Widening the bandwidth of vibration energy harvester by automatically tracking the resonant frequency with magnetic sliders

The mismatch between excitation and resonant frequencies, and the narrow bandwidth of the traditional vibration energy harvester, result in small amounts of generating power. This paper presents a novel automated resonant frequency tracking method by using a pair of cylindrical movable magnetic sliders. To increase the bandwidth, the slider can track the resonant frequency on the cantilever beam without manual intervention or additional energy input. The proposed method is validated experimentally by the sliding behavior of the sliders on a cantilever beam within magnetic slider vibration energy harvester (CBMS-VEH).
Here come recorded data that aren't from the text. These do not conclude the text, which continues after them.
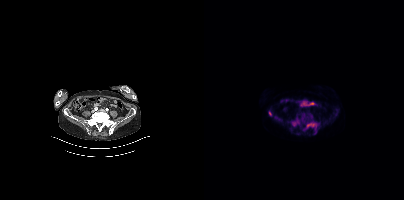
modality: PSMA PET/CT | tracer: [18F]PSMA-1007 | view: axial | PET grid: 200×200
Coordinates are on the 200×200 PET (right) panel. PSMA-avid tumor lesion bounding boxes (x0,y0,x1,y1): [102,122,114,133]; [87,120,94,126]. Small PSMA-avid foci (2 to 4 px across) near (center x, center y): (66, 113); (97, 117).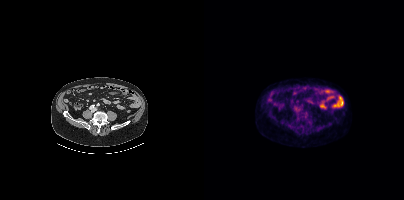
No tumor lesions annotated on this slice.
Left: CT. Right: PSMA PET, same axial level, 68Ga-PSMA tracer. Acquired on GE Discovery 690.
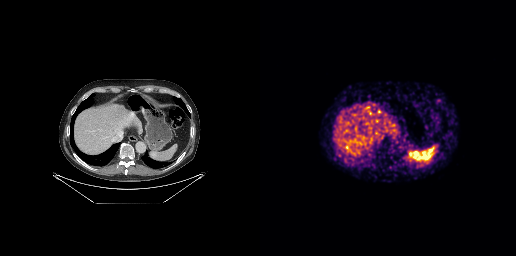
Coordinates are on the 256×256 PET (right) panel. PSMA-avid tumor lesion bounding boxes:
| # | x0 | y0 | x1 | y1 |
|---|---|---|---|---|
| 1 | 171 | 148 | 174 | 153 |
Small PSMA-avid focus (2 to 4 px across) near (center x, center y): (178, 100).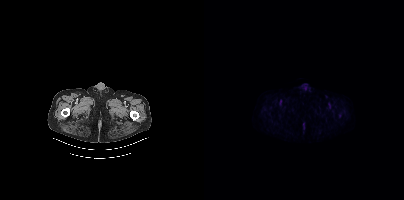
modality: PSMA PET/CT | tracer: 18F | view: axial | PET grid: 200×200
No PSMA-avid tumor lesions on this slice.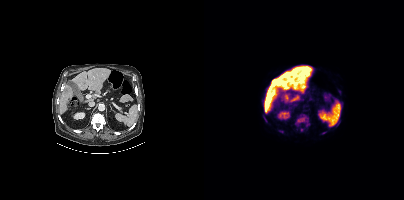
Left: CT. Right: PSMA PET, same axial level, 18F tracer.
Coordinates are on the 200×200 PET (right) panel. PSMA-avid tumor lesion bounding boxes:
| # | x0 | y0 | x1 | y1 |
|---|---|---|---|---|
| 1 | 91 | 114 | 105 | 126 |
| 2 | 59 | 115 | 63 | 121 |
Small PSMA-avid focus (2 to 4 px across) near (center x, center y): (97, 129).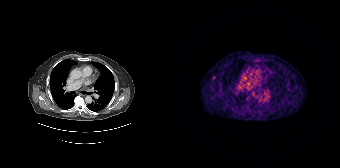
Coordinates are on the 168×168 PET (right) panel. Small PSMA-avid focus (2 to 4 px across) near (center x, center y): (41, 77).
modality: PSMA PET/CT | tracer: 68Ga | view: axial
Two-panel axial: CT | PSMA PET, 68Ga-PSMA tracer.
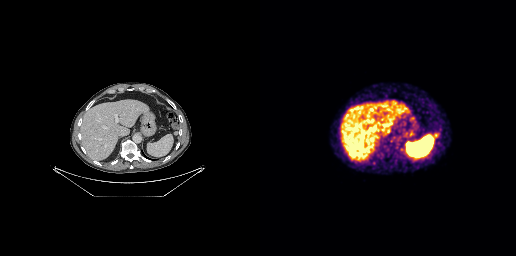
Coordinates are on the 256×256 PET (right) panel. PSMA-avid tumor lesion bounding box (x0,y0,x1,y1): [174,132,179,138].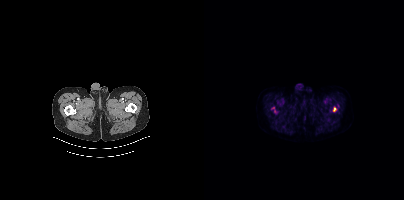
- Left: CT. Right: PSMA PET, same axial level, 18F-PSMA tracer
- slice 27 of 407
- PET panel 200×200 px (4.1 mm/px)
Findings: Coordinates are on the 200×200 PET (right) panel. PSMA-avid tumor lesion bounding box (x, y, width, height): x=129 y=107 w=4 h=5. Small PSMA-avid focus (2 to 4 px across) near (center x, center y): (69, 107).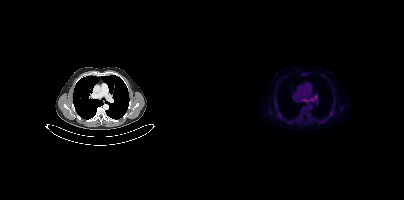
{"pet_grid":[200,200],"coord_frame":"pet_panel","coord_format":"x0,y0,x1,y1","psma_avid_lesions":false,"modality":"PSMA PET/CT","view":"axial","tracer":"18F-PSMA"}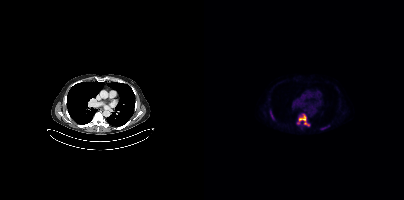
{"pet_grid":[200,200],"coord_frame":"pet_panel","coord_format":"x0,y0,x1,y1","lesion_bboxes":[[93,113,105,126],[116,125,125,130],[66,110,70,119]],"modality":"PSMA PET/CT","view":"axial","tracer":"18F-PSMA"}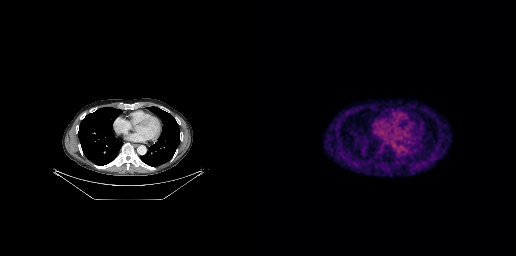
No tumor lesions annotated on this slice.
modality: PSMA PET/CT | tracer: 68Ga | view: axial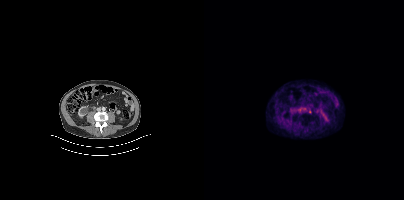
{"modality":"PSMA PET/CT","view":"axial","tracer":"18F-PSMA","pet_grid":[200,200],"coord_frame":"pet_panel","coord_format":"x0,y0,x1,y1","psma_avid_lesions":false}

The CBMS-VEH demonstrates 2.7 times increasing in bandwidth for low acceleration (<0.5 g) and low frequency (<10 Hz). Under different excitation frequencies, the relationship between the friction force on the slider and the tangential component of the slider gravity can be tuned to move the slider to specified positions for further widening the bandwidth. The comparative experiments with conventional cantilever beam-mass vibration energy harvester (CBM-VEH) indicate that the resonant frequency tracking method of CBMS-VEH works in the wider range of the energy-harvesting bandwidth (6-9 Hz). Finally, we have successfully demonstrated the great potential of this method in powering low-power electronics, such as digital clocks and LEDs.